Wavefront CLI detected in /usr/bin/wave

         __      __                     _____                      __
        /  \    /  \_____ ___  __ _____/ ____\______  ____   _____/  |_
        \   \/\/   /\__   \  \/ // __ \   __\ _  __ \/  _ \ /    \   __
         \        /  / __  \   /\  ___/|  |   |  | \(  <_> )   |  \  |
          \__/\  /  (____  /\_/  \___  >__|   |__|   \____/|___|  /__|
               \/        \/          \/                         \/

                
Validating API Token using Wavefront URL:  https://vmware.wavefront.com
Successfully validated token.
Successfully validated token.
Starting Wavefront Proxy Installation!
Detected  Amazon Linux
Detected operating system as amzn/2.
Checking for curl...
Detected curl...
Downloading repository file: https://packagecloud.io/install/repositories/wavefront/proxy/config_file.repo?os=amzn&dist=2&source=script
done.
Installing pygpgme to verify GPG signatures...
Loaded plugins: extras_suggestions, langpacks, priorities, update-motd
wavefront_proxy-source/signature                                                                                                                          |  819 B  00:00:00     
Retrieving key from https://packagecloud.io/wavefront/proxy/gpgkey
Importing GPG key 0xA6A9D323:
 Userid     : "https://packagecloud.io/wavefront/proxy (https://packagecloud.io/docs#gpg_signing) <support@packagecloud.io>"
 Fingerprint: 0627 c09c fe0b d003 dc29 4270 d009 c507 a6a9 d323
 From       : https://packagecloud.io/wavefront/proxy/gpgkey
wavefront_proxy-source/signature                                                                                                                          |  951 B  00:00:00 !!! 
wavefront_proxy-source/primary                                                                                                                            |  175 B  00:00:00     
Package pygpgme-0.3-9.amzn2.0.2.x86_64 already installed and latest version
Nothing to do
Installing yum-utils...
Loaded plugins: extras_suggestions, langpacks, priorities, update-motd
Package yum-utils-1.1.31-46.amzn2.0.1.noarch already installed and latest version
Nothing to do
Generating yum cache for wavefront_proxy...
Importing GPG key 0xA6A9D323:
 Userid     : "https://packagecloud.io/wavefront/proxy (https://packagecloud.io/docs#gpg_signing) <support@packagecloud.io>"
 Fingerprint: 0627 c09c fe0b d003 dc29 4270 d009 c507 a6a9 d323
 From       : https://packagecloud.io/wavefront/proxy/gpgkey
Generating yum cache for wavefront_proxy-source...

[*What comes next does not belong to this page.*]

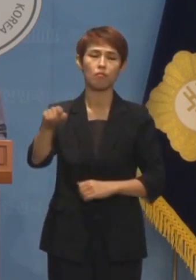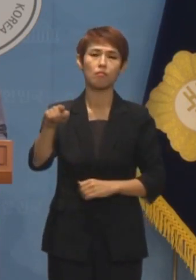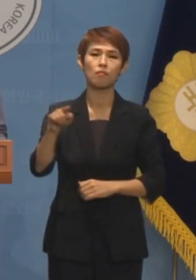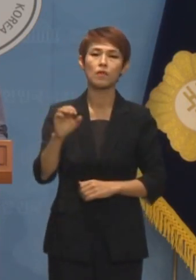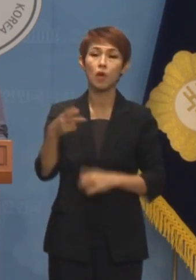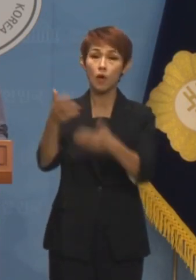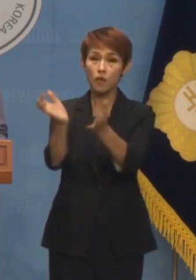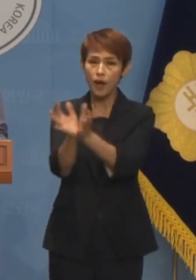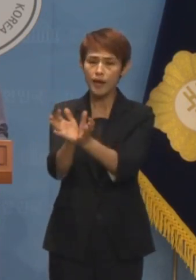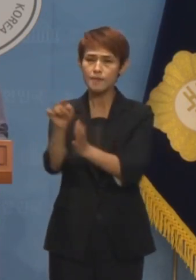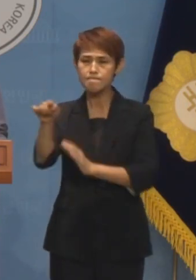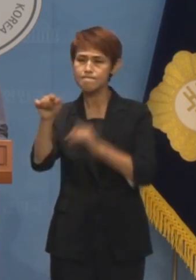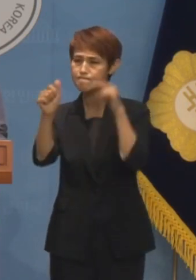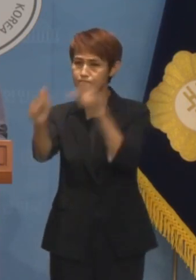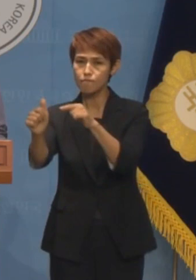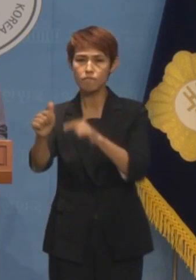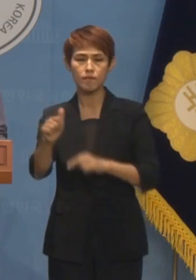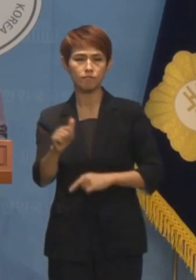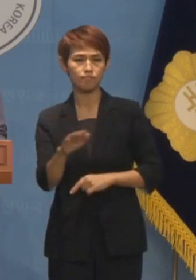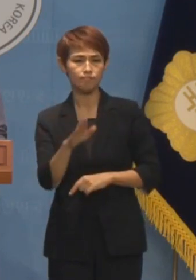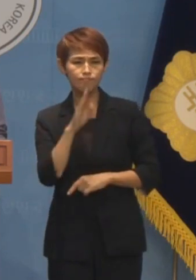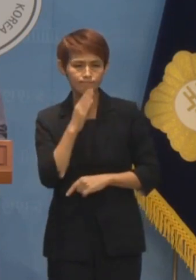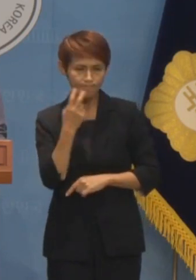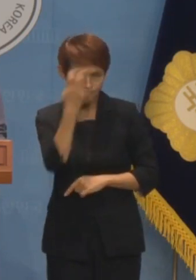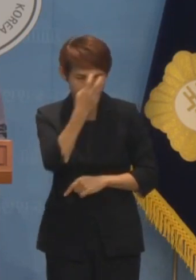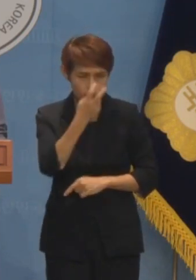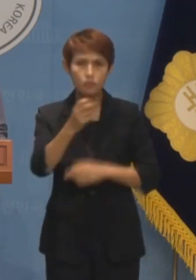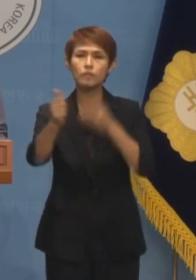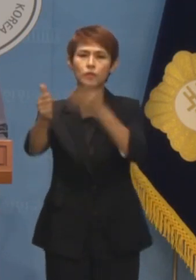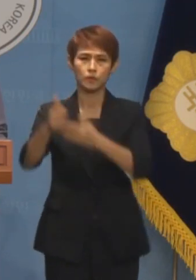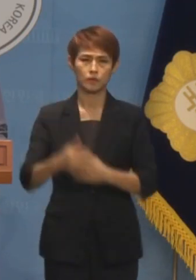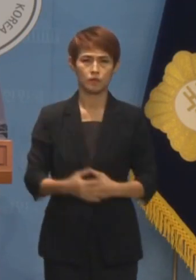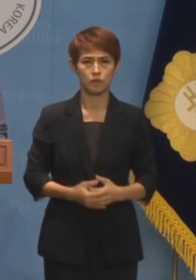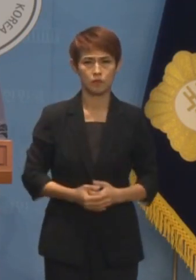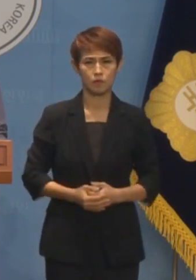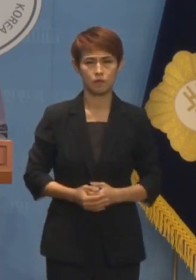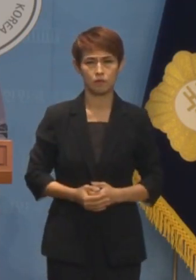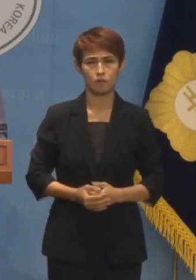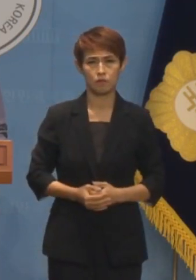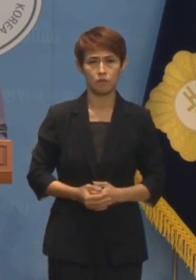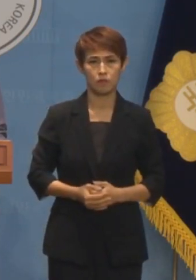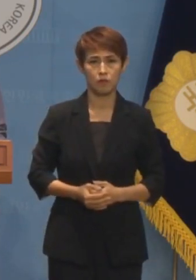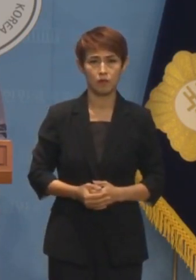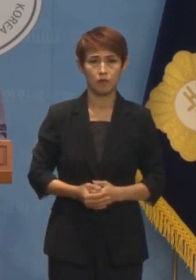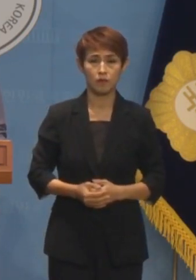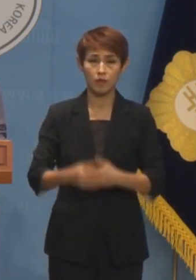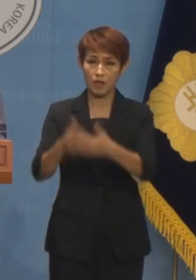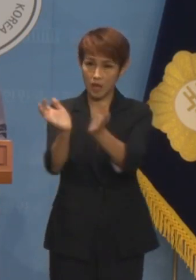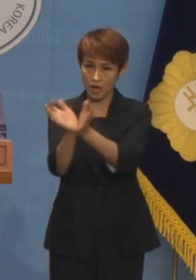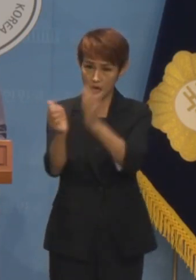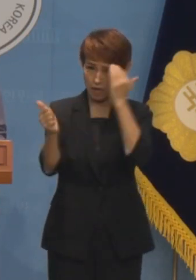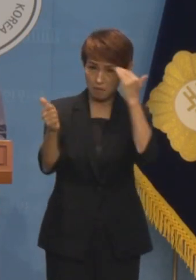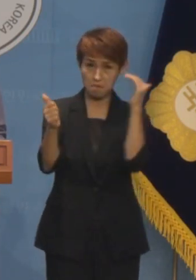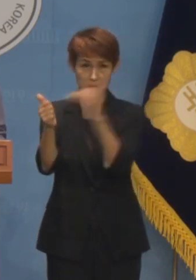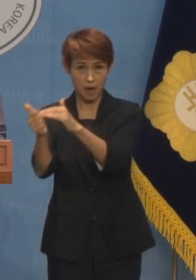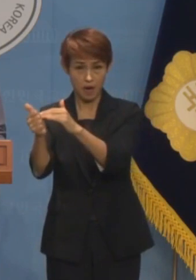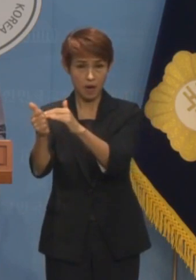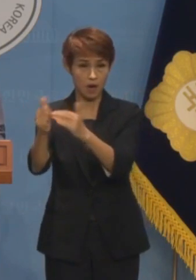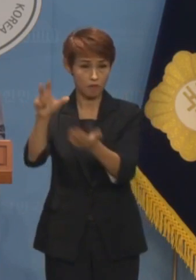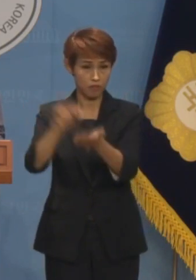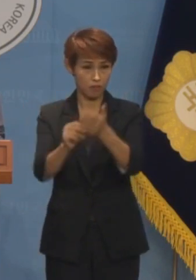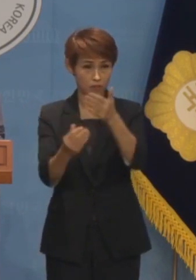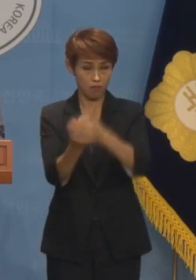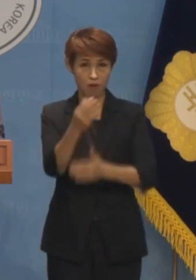진상조사부터 진행해야 하는 것 아니겠습니까? 말씀하신 대로 당의 해가 되거나 불미스러운 일이
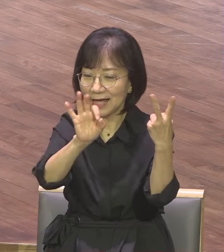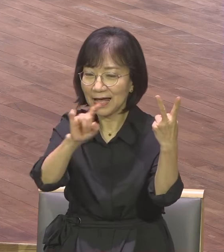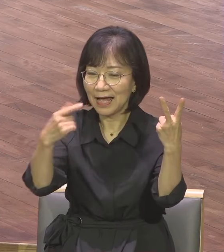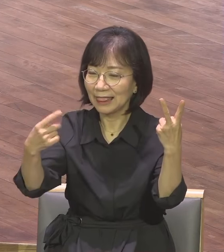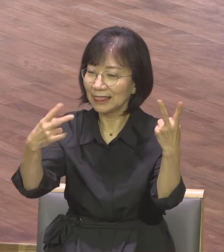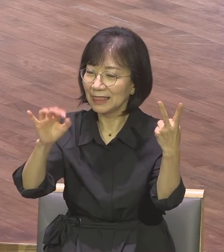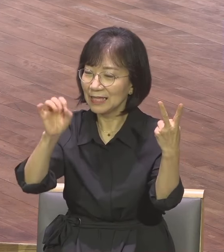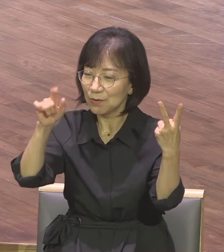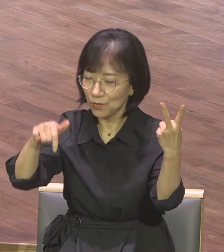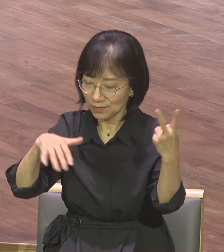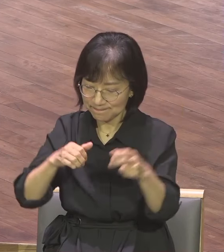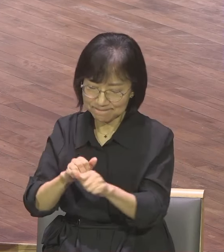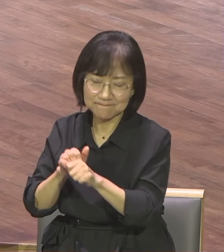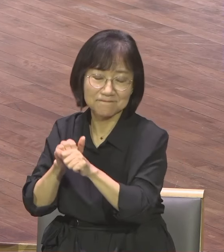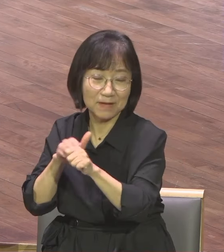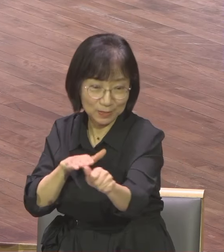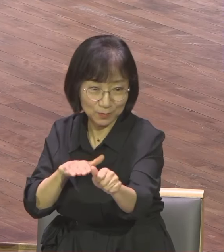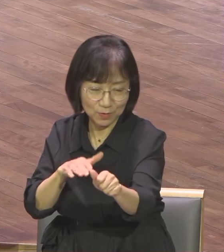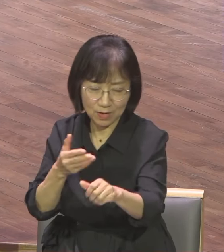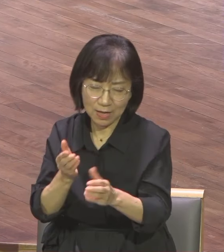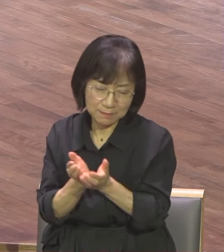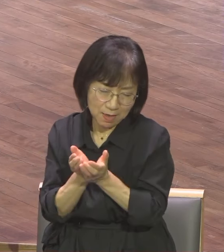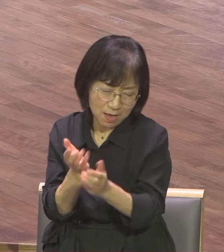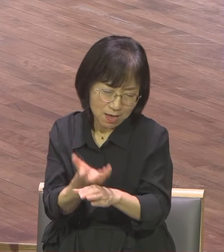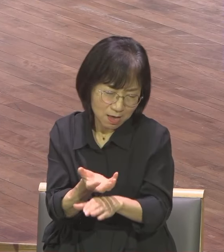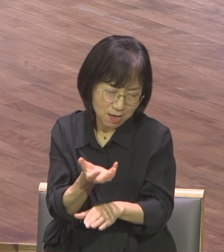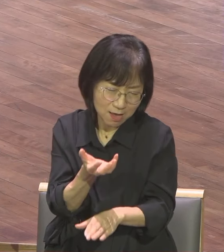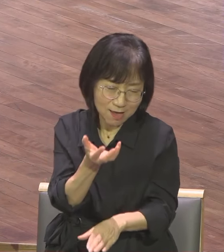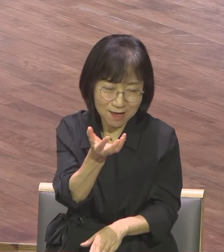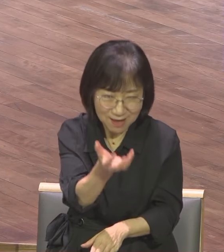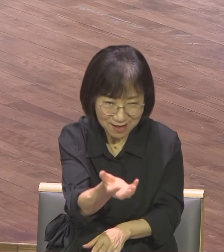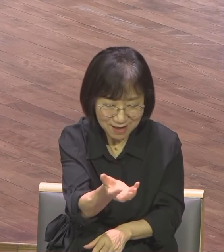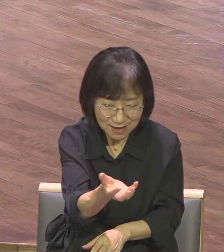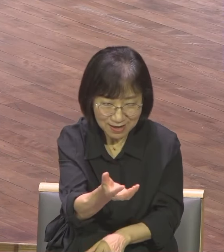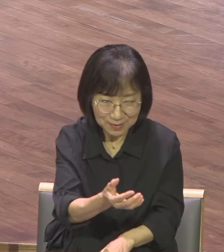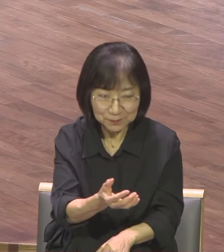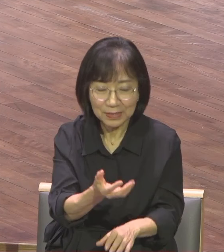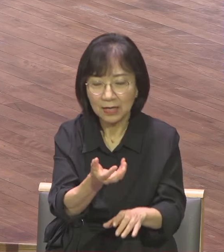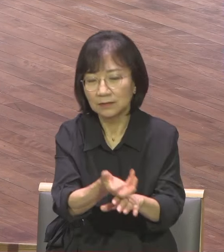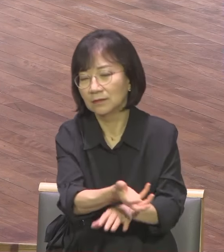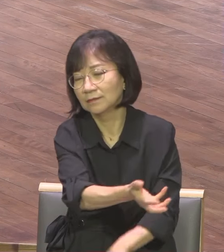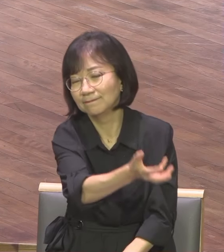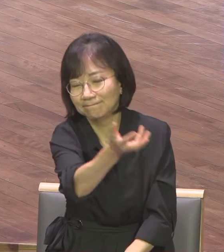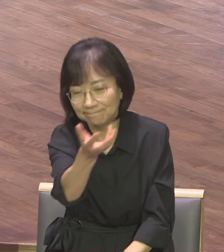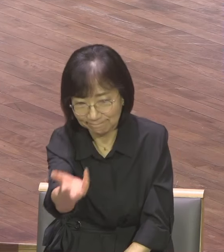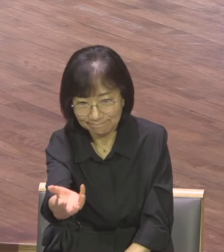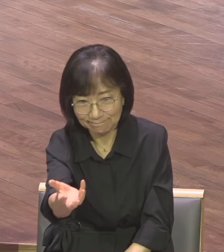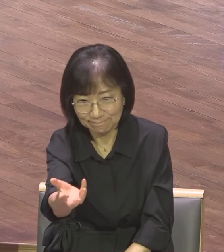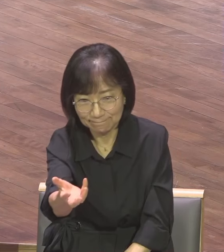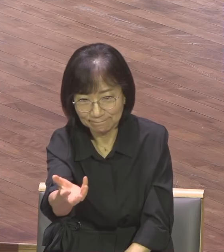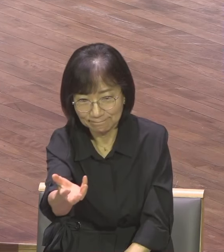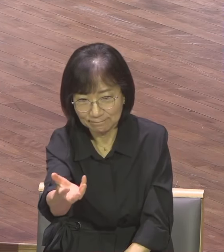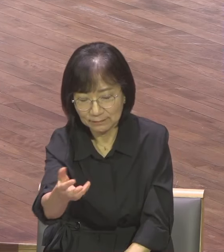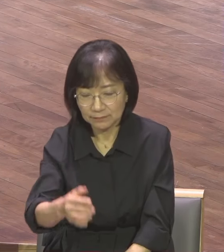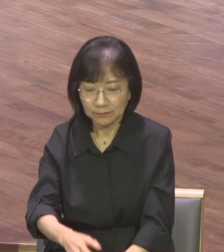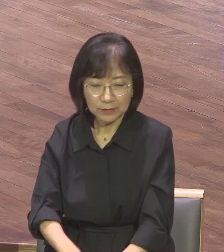타고 비시리에 안디옥에 가서 이고니온과 루스드라의 더베 갑니다 그것이 이제

The repository is setup! You can now install packages.
Creating /etc/wavefront/wavefront-proxy/wavefront.conf from template
Creating /etc/wavefront/wavefront-proxy/preprocessor_rules.yaml from template
Creating /etc/wavefront/wavefront-proxy/log4j2.xml from template
JRE not found - trying to download and install
Checking /etc/wavefront/wavefront-proxy/wavefront.conf for HTTP proxy settings
No HTTP proxy configuration detected - attempting direct download
Finished Wavefront Proxy Installation!
Starting Wavefront Proxy Configuration!
https://vmware.wavefront.com/api/
a047db89-5096-4a19-aae0-2e23a2db653f
Restarting wavefront-proxy
Stopping Wavefront Proxy
There was a problem, see /var/log/wavefront/wavefront-error.log and /var/log/wavefront/wavefront-daemon.log
Done
Starting Wavefront Proxy
Done
Finished Wavefront Proxy Configuration!
The Proxy's configuration file can be found at /etc/wavefront/wavefront-proxy/wavefront.conf

Proxy Validation

Let’s try to validate that the proxy is actually working by sending some data. I use nc (Netcat), a Linux utility for sending raw data over a network connection.

echo -e "test.nvibert 1 source=source_nvibert\n" | nc ec2-A-B-C-D.eu-west-2.compute.amazonaws.com 2878

We’re sending this data in the Wavefront Data Format:

<metricName> <metricValue> [<timestamp>] source=<source> [pointTags]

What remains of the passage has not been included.